Multilevel modelling allowed analyzing data in a simple and appropriate way [9]. Selection and measure biases were limited, as several ICUs participated with the same methodology.

There are few data available concerning predictive factors of P. aeruginosa in the case of nosocomial UTI in the ICU but some patient factors were previously identified [10–14]. This study sought to create patient and ICU profiles associated with the risk of P. aeruginosa UTI. According to our results, ICU physicians facing a nosocomial UTI should suspect P. aeruginosa in the case of a male patient, transferred from another ICU with antibiotics at admission and long duration of stay, especially in an ICU with high patient turnover and high rates of P. aeruginosa-infected patients.

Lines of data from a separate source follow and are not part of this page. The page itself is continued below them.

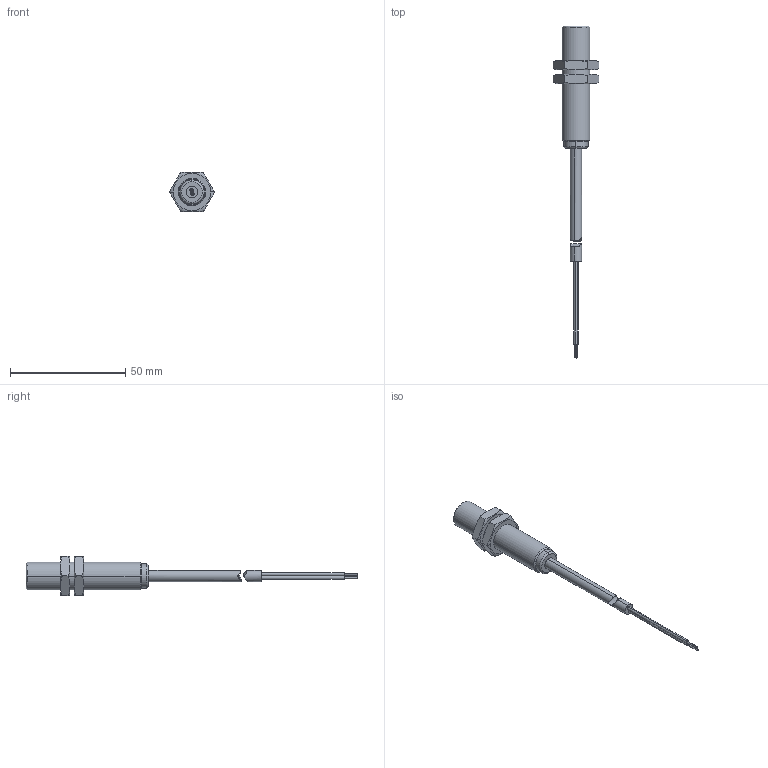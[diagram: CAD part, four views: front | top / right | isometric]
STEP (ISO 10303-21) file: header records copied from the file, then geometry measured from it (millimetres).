
FILE_DESCRIPTION (( 'STEP AP214' ), '1' );
FILE_NAME ('D128.STEP', '2022-02-10T11:56:27', ( '' ), ( '' ), 'SwSTEP 2.0', 'SolidWorks 2021', '' );
FILE_SCHEMA (( 'AUTOMOTIVE_DESIGN' ));
Length unit declared in the file: millimetre
Products named in the file (5): 1D127030xxxx; 1VDA12010000; D128; Cavo 1PDA; 1STA 13 05 0000
Assembly tree (5 placements, depth 2):
  D128
    1D127030xxxx
    Cavo 1PDA
    1STA 13 05 0000
    1VDA12010000  x2
Bounding box: 19.63 x 144 x 17 mm (x, y, z)
Volume: 5132.8 mm3; surface area: 6589.8 mm2
Topology: 6 solids, 6 shells, 78 faces, 166 edges, 108 vertices
Faces by surface type: plane 30, cylinder 28, torus 10, cone 8, bspline 2
Entity records: 2511 total; most frequent: CARTESIAN_POINT 722, DIRECTION 320, ORIENTED_EDGE 260, AXIS2_PLACEMENT_3D 140, EDGE_CURVE 130, VERTEX_POINT 84, EDGE_LOOP 76, CIRCLE 70
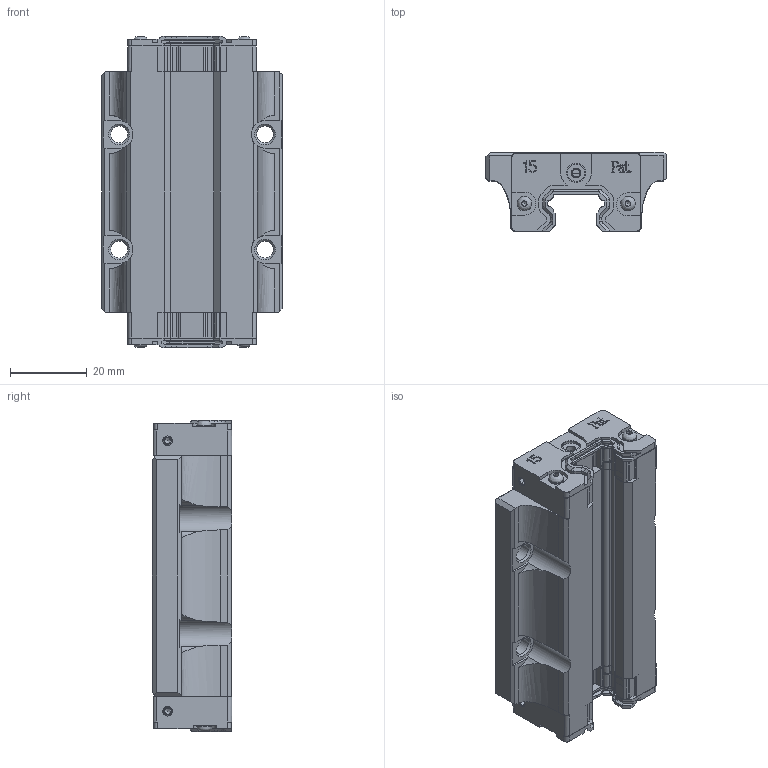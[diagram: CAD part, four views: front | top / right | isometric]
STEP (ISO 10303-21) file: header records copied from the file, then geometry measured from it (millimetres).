
FILE_DESCRIPTION(/* description */ (''),/* implementation_level */ '2;1');
FILE_NAME(/* name */ 'LGB_H15FESS_Shrinkwrap.ipt.stp',/* time_stamp */ '2015-10-28T12:04:44+01:00',/* author */ ('RLI'),/* organization */ (''),/* preprocessor_version */ 'ST-DEVELOPER v15.6',/* originating_system */ 'Autodesk Inventor 2015',/* authorisation */ '');
FILE_SCHEMA (('AUTOMOTIVE_DESIGN { 1 0 10303 214 3 1 1 }'));
Length unit declared in the file: millimetre
Products named in the file (1): LGB_H15FESS_Shrinkwrap
Bounding box: 46.95 x 20.7 x 81.1 mm (x, y, z)
Volume: 45461.2 mm3; surface area: 20601.7 mm2
Topology: 1 solids, 17 shells, 1514 faces, 3983 edges, 2555 vertices
Faces by surface type: plane 994, cylinder 370, cone 128, torus 12, bspline 10
Full cylindrical faces by diameter (mm): 1.5 x6, 2 x2, 2.1 x4, 2.5 x6, 2.6 x8, 3 x10, 3.5 x4, 3.8 x4, 4.4 x4, 4.5 x6, 4.6 x4, 5 x4
Entity records: 47818 total; most frequent: CARTESIAN_POINT 9607, ORIENTED_EDGE 7658, DIRECTION 7427, EDGE_CURVE 3829, LINE 2729, VECTOR 2729, VERTEX_POINT 2499, AXIS2_PLACEMENT_3D 2349

Neurogenic bladder, history of prostatic surgery, urinary tract procedures, a foreign body in the urinary tract, chronic corticosteroids and antibiotics during the stay were also found to be associated with the risk of P. aeruginosa UTI [10,13]. Neither antibiotic use during ICU stay nor type of antibiotics at admission was collected in REA-RAISIN. Many studies showed selection of P. aeruginosa by antibiotic use [10,11,13]. Imipenem, ciprofloxacin, levofloxacin, piperacillin, tazocillin, broad-spectrum cephalosporins, aminoglycosides and antibiotics inactive against P. aeruginosa were associated with high incidence rates of P. aeruginosa [11,15–17]. Antibiotic therapy could lead to an alteration in the resident microflora, facilitating colonization with P. aeruginosa prior to UTI [10].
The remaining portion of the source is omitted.